Friday, July 25, 2014

BWI: Steria - First Half 2014 Results

 
Source : Steria
Friday, July 25, 2014 2:30PM IST (9:00AM GMT)
 
Steria - First Half 2014 Results
 
New Delhi, Delhi, India

  • Organic growth of 7.2% in the first half 2014
  • Strong dynamic in the United Kingdom, underpinned by numerous opportunities in Business Process Services and shared services platforms
  • Operating margin rate[1] of 5.7% (5.2% at June 30, 2013)
  • Net financial debt of €260 million (€281 million at June 30, 2013)
  • Pension fund deficit, net of taxes, reduced by €14 million compared to December 31, 2013
 
On July 24, 2014, the Supervisory Board of Groupe Steria SCA examined the consolidated financial statements submitted by the General Management.
 
 First half 2014 consolidated results
 
    2013 2014   Organic growth
At constant perimeter and currency
Revenue €m 873.8 940.8   7.2%
Operating margin2
% of revenue
€m
%
45.7
5.2%
53.8
  5.7%
   
Operating income[2] €m 26.6 33.8    
Attributable net income €m 7.4 0.9    
% of revenue % 0.8% 0.1%    
           
Underlying net attributable income[3] €m 20.6 14.4    
Underlying diluted earnings per share4 0.68 0.45    
           
Shareholders’ equity €m 377.0 440.4    
Net financial debt €m 280.7 260.2    
 
Revenue
 
First half 2014 consolidated revenue
 
In € million 30/06/2013 30/06/2014 Growth
Revenue 873.8 940.8 7.7%
Change in consolidation scope 0.0    
Change due to currency effect 3.9    
Pro forma revenue 877.7 940.8 7.2%
 
 First half 2014 revenue by geographic area
 
In € million 30/06/2013* 30/06/2014 Organic growth
United Kingdom 355.1 424.7 19.6%
France 278.7 268.4 -3.7%
Germany 118.9 108.9 -8.4%
Other Europe 125.0 138.9 11.1%
Total 877.7 940.8 7.2%
 
* Like-for-like revenue (constant consolidation scope, exchange rates and organizational structure) (base 2014)
 
Second quarter 2014 revenue by geographic region
 
In € million Q2      
2013*
Q2
2014
Organic growth
United Kingdom 178.8 221.7 24.0%
France 134.7 132.4 -1.7%
Germany 60.3 53.0 -12.1%
Other Europe 66.9 69.9 4.4%
Total 440.7 477.0 8.2%
 
* Like-for-like revenue (constant consolidation scope, exchange rates and organizational structure) (base 2014)
 
First half 2014 operating performance

Consolidated revenue increased by 7.2% like-for-like over the first half 2014, benefiting from the strong growth in the United Kingdom and Scandinavia.
Long cycle or recurring activities, which represented 67% of revenue (62% at June 30, 2013), grew by 16.1%: applications maintenance +3.4%, IT infrastructure management +3.0%, business process services +51%. The consulting and systems integration businesses declined by 6.5%.
 
In the United Kingdom, first half revenue enjoyed robust growth (+19.6% like-for-like). Activity was particularly buoyant in the public sector thanks, in particular, to the ramp-up of the SSCL contract but also the positive dynamic in defence (+6%) and homeland security (+26%). The telecommunications/utilities /transport sector also saw strong growth while Finance declined. Business Process Services activities posted very robust growth over the first half and represented more than 50% of the area’s revenue at June 30, 2014. This area offers significant opportunities as witnessed by the June 24, 2014 decision by the UK Ministry of Justice and Home Office to select Steria as preferred framework supplier for the provision of their shared services platform project.
 
In France, revenue declined by 3.7%. The trend was positive in the banking (+6%) and energy sectors (+4%) while telecoms and the public sector saw revenue declines.

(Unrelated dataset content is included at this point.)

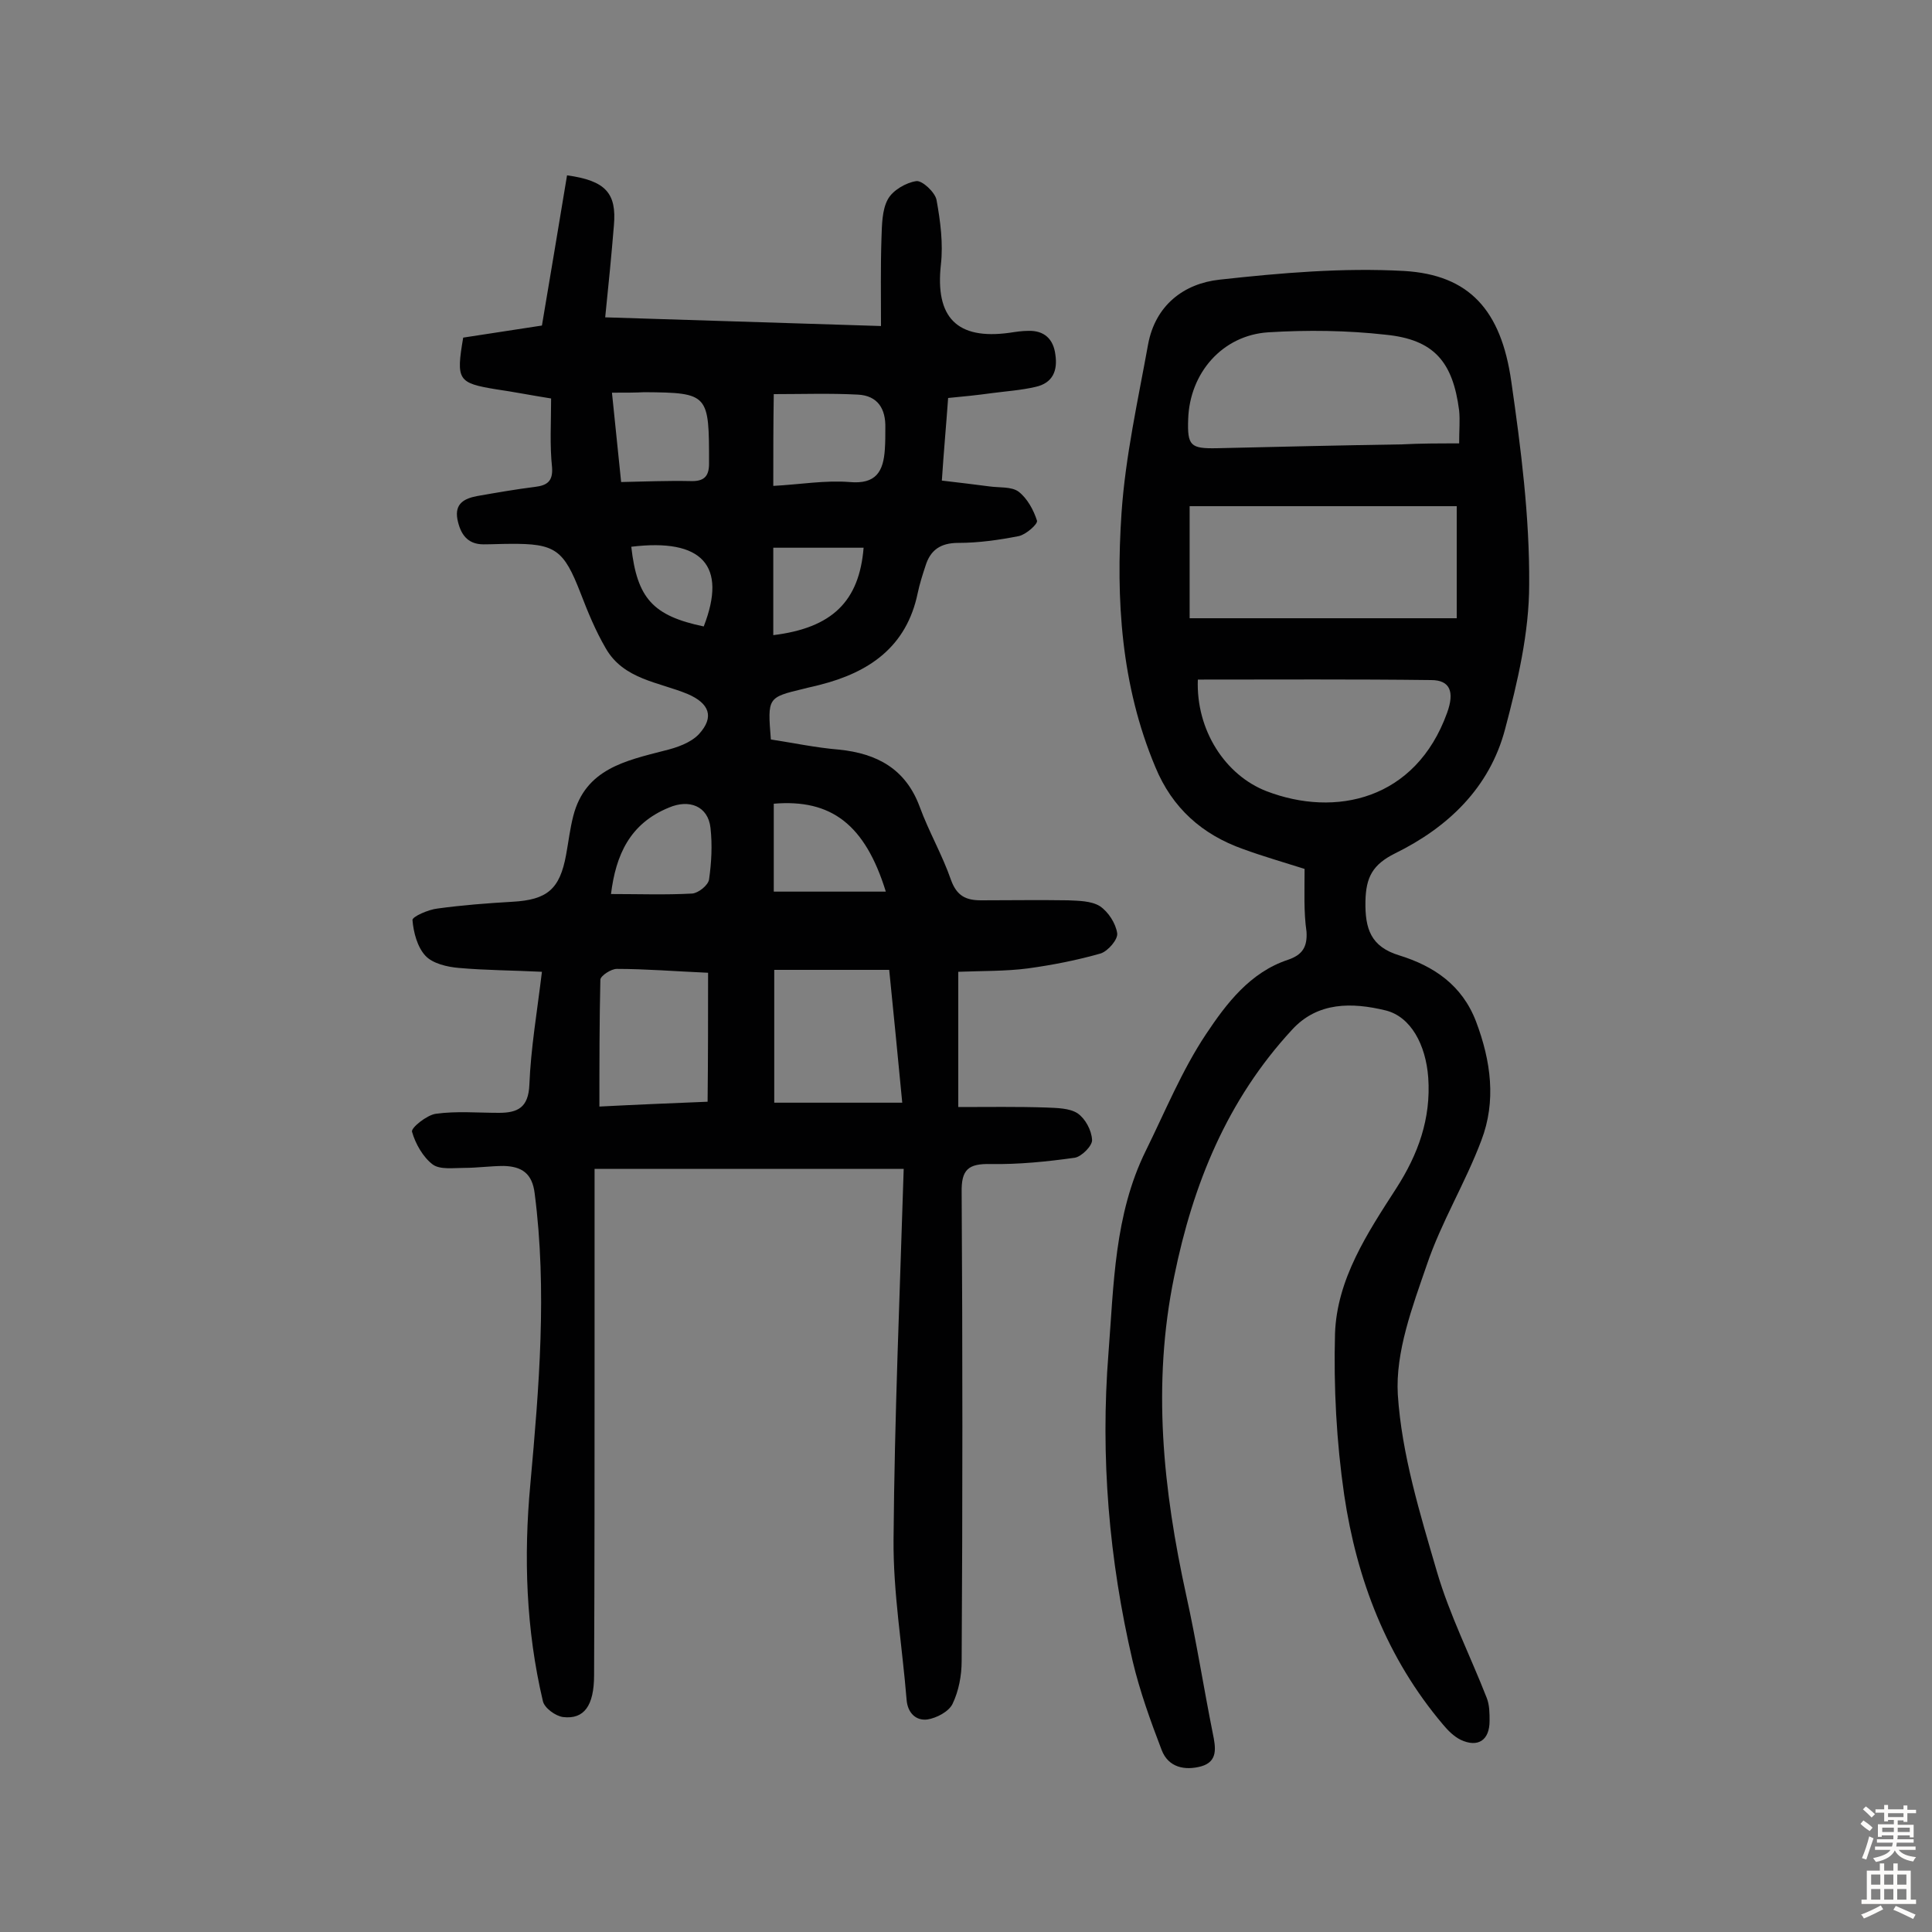<svg enable-background="new 0 0 400 400" viewBox="0 0 400 400" xmlns="http://www.w3.org/2000/svg"><rect x="0" y="0" width="400" height="400" fill="#808080" stroke="none"/><path d="m114.1 82.5c-4.4-.7-7.9-1.4-11.4-1.9-7.9-1.3-8.3-1.9-6.8-10.7 5.4-.8 10.9-1.7 16.3-2.5 1.8-10.6 3.5-20.9 5.2-31.1 8 1.1 10.3 3.7 9.7 10.4-.5 6.1-1.1 12.2-1.8 19 19.3.6 37.7 1.2 57.1 1.8 0-6.3-.1-12.3.1-18.2.1-2.7.1-5.8 1.3-8 1-1.9 3.8-3.5 5.9-3.8 1.2-.2 3.9 2.3 4.2 3.9.8 4.4 1.4 9 .9 13.4-1.2 10.9 3.3 15.6 14.2 14.1 1.3-.2 2.6-.4 3.9-.4 3.3-.1 5.2 1.7 5.6 4.9.5 3.3-.5 5.9-4.1 6.7-3 .7-6.1.9-9.1 1.3-2.9.4-5.8.7-9 1-.4 5.6-.9 11-1.3 17.1 3.5.4 6.7.8 9.8 1.2 2.1.3 4.6 0 6.1 1.1 1.8 1.4 3.1 3.8 3.8 6 .2.7-2.3 2.9-3.8 3.2-4.1.8-8.3 1.4-12.5 1.4-3.7 0-5.8 1.5-6.8 4.8-.6 1.8-1.2 3.7-1.6 5.6-2.3 11.1-10 16.4-20.3 19-1.1.3-2.2.5-3.3.8-7.5 1.8-7.5 1.8-6.8 10.5 4.6.7 9.3 1.7 14.1 2.1 7.9.8 13.8 4 16.7 11.8 1.9 5.2 4.7 10 6.5 15.2 1.2 3.3 3.1 4.2 6.2 4.2 6 0 12-.1 18 0 2.2.1 4.8.1 6.6 1.2 1.8 1.2 3.3 3.6 3.6 5.6.2 1.3-1.9 3.7-3.4 4.2-4.9 1.4-10 2.4-15.1 3.1-4.6.6-9.4.5-14.4.7v28c6.3 0 12.2-.1 18.2.1 2.2.1 4.8.1 6.5 1.2 1.6 1.1 2.9 3.5 3 5.5.1 1.2-2.2 3.5-3.6 3.7-5.7.8-11.6 1.4-17.4 1.3-4.6-.1-6.1 1.1-6 5.9.2 32.3.2 64.7 0 97 0 3-.6 6.2-1.9 8.9-.8 1.6-3.3 2.9-5.2 3.2-2.4.3-4.1-1.4-4.3-4.1-.9-11.1-2.8-22.2-2.7-33.2.2-25.4 1.3-50.8 2.1-76.7-21.8 0-42.3 0-64 0v38c0 22.3 0 44.5-.1 66.8 0 6.4-2.1 9.2-6.4 8.7-1.6-.2-3.9-1.9-4.2-3.3-3.5-14.8-4-29.9-2.6-44.9 1.8-20 3.5-40.1.9-60.2-.5-4.2-2.7-5.6-6.4-5.7-2.7 0-5.5.4-8.2.4-2.2 0-5 .4-6.5-.7-2-1.5-3.6-4.3-4.3-6.8-.2-.8 3-3.4 4.9-3.7 4.3-.6 8.7-.2 13.1-.2 3.9 0 6.1-1.1 6.3-5.8.3-7.6 1.6-15.1 2.6-23.4-5.9-.3-11.6-.3-17.2-.8-2.4-.2-5.4-.9-6.9-2.5-1.7-1.8-2.5-4.9-2.7-7.4-.1-.7 3.3-2.2 5.2-2.4 5.1-.7 10.3-1.1 15.5-1.4 7.2-.4 9.8-2.6 11.1-9.7.5-2.7.8-5.4 1.5-8.1 2.5-9.7 10.8-11.4 18.9-13.5 2.5-.6 5.4-1.6 7.1-3.4 3.3-3.6 2.1-6.4-2.3-8.3-6-2.5-13.3-3-17-9.5-2.1-3.6-3.7-7.5-5.2-11.4-3.5-9-5.2-10.3-14.7-10.2-1.8 0-3.6.1-5.4.1-3.4 0-4.8-2.2-5.4-5.2-.6-3.3 1.5-4.3 4.1-4.8 4-.7 8-1.4 12-1.9 2.4-.3 3.7-1.1 3.5-4-.5-4.7-.2-9.2-.2-14.3zm46.2 118.3v27.5h26.5c-.9-9.6-1.8-18.4-2.7-27.5-8.1 0-16 0-23.8 0zm-13.7.6c-6.9-.3-12.9-.8-18.9-.8-1.2 0-3.3 1.4-3.4 2.2-.2 8.7-.2 17.4-.2 26.3 7.7-.4 15.1-.7 22.4-1 .1-9 .1-17.7.1-26.7zm13.5-100.8c5.6-.3 10.7-1.2 15.8-.8 5.5.5 7-2.2 7.3-6.8.1-1.5.1-2.9.1-4.4.1-4-1.6-6.7-5.7-6.9-5.7-.3-11.5-.1-17.4-.1-.1 6.3-.1 12.2-.1 19zm.1 84h23.2c-4.3-13.9-11.3-19.2-23.2-18.2zm-33.5-103.3c.7 6.7 1.3 12.6 1.9 18.5 4.8-.1 9.6-.3 14.3-.2 2.7.1 3.9-.8 3.9-3.6 0-14.4 0-14.7-13.4-14.8-1.9.1-3.8.1-6.7.1zm-.2 103.8c5.8 0 11.3.2 16.8-.1 1.3-.1 3.3-1.7 3.5-2.9.5-3.5.7-7.1.3-10.7-.5-4.5-4.4-6-8.6-4.2-8.1 3.3-11 9.8-12 17.9zm33.6-53.6c12.2-1.5 17.8-7 18.7-18.1-6.2 0-12.5 0-18.7 0zm-29.4-18.3c1.2 10.7 4.5 14.3 15 16.5 4.9-12.6-.3-18.3-15-16.5z" fill="#010102"/><path d="m270.1 179.9c-4.4-1.4-8.6-2.6-12.7-4.1-8.5-3-14.7-8.5-18.2-17-7.1-16.9-8.2-34.7-7-52.6.8-11.7 3.4-23.3 5.5-34.9 1.5-8.1 7.4-12.6 14.8-13.4 12.7-1.4 25.5-2.5 38.2-1.8 13.5.8 20.1 8.1 22.2 22.9 2 13.9 3.8 28 3.7 42 0 10-2.4 20.2-5 30-3.2 12.1-11.8 20.3-22.8 25.7-4.6 2.3-6 4.9-6.1 9.9-.1 5.7 1.1 9.4 7 11.2 7.1 2.2 13 6.1 15.9 13.7 3.1 8.2 4.2 16.5 1.1 24.6-3.3 8.8-8.3 16.9-11.3 25.8-3 8.7-6.5 18-6 26.8.8 12.4 4.6 24.7 8.1 36.7 2.6 8.9 6.9 17.4 10.3 26.1.6 1.5.6 3.2.6 4.8 0 4-2.4 5.6-6 3.9-1.4-.7-2.6-1.9-3.6-3.1-11.7-13.8-17.9-30.1-20.5-47.6-1.6-11-2.2-22.3-1.9-33.4.4-11.3 6.7-20.8 12.7-30.1 4.5-7 7.2-14.4 6.6-22.9-.5-6.8-3.6-12.6-8.8-13.9-7-1.7-14.1-1.8-19.4 4-13.4 14.5-20.5 31.9-24.4 51.1-4.6 22.3-2.3 44.1 2.5 66 2.1 9.5 3.6 19.1 5.5 28.6.6 2.9 1.1 5.8-2.4 6.8-3.3.9-6.8.3-8.2-3.4-2.3-6-4.5-12.1-6-18.4-4.9-21-6.7-42.3-5-63.8 1.1-14.1 1.2-28.6 7.7-41.8 4-8.1 7.5-16.7 12.5-24.2 4.2-6.3 9.1-12.8 17-15.4 2.9-1 4-2.6 3.8-5.8-.6-4.1-.4-8.5-.4-13zm-23.8-75.1v23.2h55.3c0-8.2 0-15.7 0-23.2-18.8 0-36.9 0-55.3 0zm55.8-13c0-2.7.2-4.8 0-6.8-1.3-10.1-5.2-14.7-15.2-15.7-8-.9-16.2-1-24.3-.5-9.5.6-16.3 8.4-16.6 18-.2 5.5.5 6.1 5.9 6 12.8-.3 25.6-.6 38.4-.8 3.8-.2 7.6-.2 11.8-.2zm-54.1 48.9c-.4 10.5 5.7 19.8 14.2 23.1 14.3 5.5 30.9 1.8 37.4-16.2 1.6-4.4.6-6.8-3.3-6.8-16-.2-32-.1-48.3-.1z" fill="#010102"/><g fill="#fcfbfa"><path d="m385.2 377.6.6-.7c.6.4 1.3.9 1.9 1.5l-.6.7c-.8-.5-1.4-1-1.9-1.5zm.3 7.1c.6-1.4 1.1-2.9 1.5-4.5.3.1.6.3.9.4-.5 1.4-1 2.9-1.5 4.4zm.2-10.1.6-.6c.7.5 1.3 1.1 1.9 1.6l-.7.7c-.6-.6-1.2-1.2-1.8-1.7zm8.4-.8h.8v.9h1.8v.7h-1.8v1.8h-.8v-.3h-1.2v.9h3.3v2.6h-.8v-.4h-2.5c0 .3 0 .6-.1.8h3.4v.7h-3.5c0 .3-.1.6-.1.8h4v.7h-3.5c.7.9 1.9 1.3 3.6 1.5-.2.2-.4.5-.6.9-1.9-.3-3.2-1.1-3.8-2.3-.5 1.1-1.8 2-3.9 2.4-.2-.3-.4-.5-.6-.8 1.9-.4 3.1-.9 3.6-1.7h-3.2v-.7h3.5c.1-.2.1-.5.2-.8h-3.3v-.7h3.4c0-.2 0-.5 0-.8h-2.4v.3h-.8v-2.6h3.3v-.9h-1.2v.3h-.8v-1.8h-1.8v-.7h1.8v-.9h.8v.9h3.2zm-4.4 5.5h2.4c0-.3 0-.6 0-.9h-2.4zm1.2-3.1h3.2v-.8h-3.2zm4.4 2.2h-2.4v.9h2.5v-.9z"/><path d="m389.2 385.8h.9v1.5h1.9v-1.5h.9v1.5h2.7v6h1.1v.9h-11.3v-.9h1.1v-6h2.7zm.2 8.7.5.8c-1.2.6-2.5 1.3-4 1.9-.2-.3-.3-.6-.6-.8 1.6-.6 3-1.3 4.1-1.9zm-2-4.3h1.9v-2.1h-1.9zm0 3.1h1.9v-2.2h-1.9zm2.7-3.1h1.9v-2.1h-1.9zm0 3.1h1.9v-2.2h-1.9zm2.4 1.3c1.4.6 2.7 1.2 4.1 1.8l-.5.9c-1.5-.7-2.8-1.4-4.1-1.9zm2.2-6.5h-1.9v2.1h1.9zm-1.9 5.2h1.9v-2.2h-1.9z"/></g></svg>

The first half performance was impacted by the suspension in the application of the “Ecotax” decided by the French government in 2013. Excluding Ecotax effects, first half revenue would have been slightly down (-0.3%). On June 27, 2014, an agreement was signed between Ecomouv’ and the French government to resolve the situation created by the suspension decision. The signature of this agreement clarifies the conditions related to the contract execution in this new context.

Additionally, in view of the April 8, 2014 announcement of the tie-up project between Sopra and Steria, the application of the “Ere 2016” turnaround programme, whose cost-saving contribution in 2014 had been estimated at €7 million, has been suspended.
 
In Germany, revenue contracted by 8.4%. The appointment of a new management team in 2013 to evolve the historic business model generated the departure of some consultants leading to a temporary revenue decline. Furthermore, cost-cutting measures were launched to recreate the necessary conditions for profitability consistent with the potential in this region.
 
In Other Europe, organic revenue growth reached +11.1%, benefiting from the strong growth in Scandinavia. The banking (+8.8%), public (+12.8%) and telecommunication /energy/transport (+10.5%) sectors were all positively oriented. This growth was accompanied by a significant increase in staff over the first half leading to a marked seasonability in the profitability improvement expected in the region over the year.  
 
First half 2014 net income
 
The operating margin rose by 17.6% to €53.8 million versus €45.7 million at June 30, 2013, driven by the increased contribution from the UK activities, the other regions having suffered a contraction. 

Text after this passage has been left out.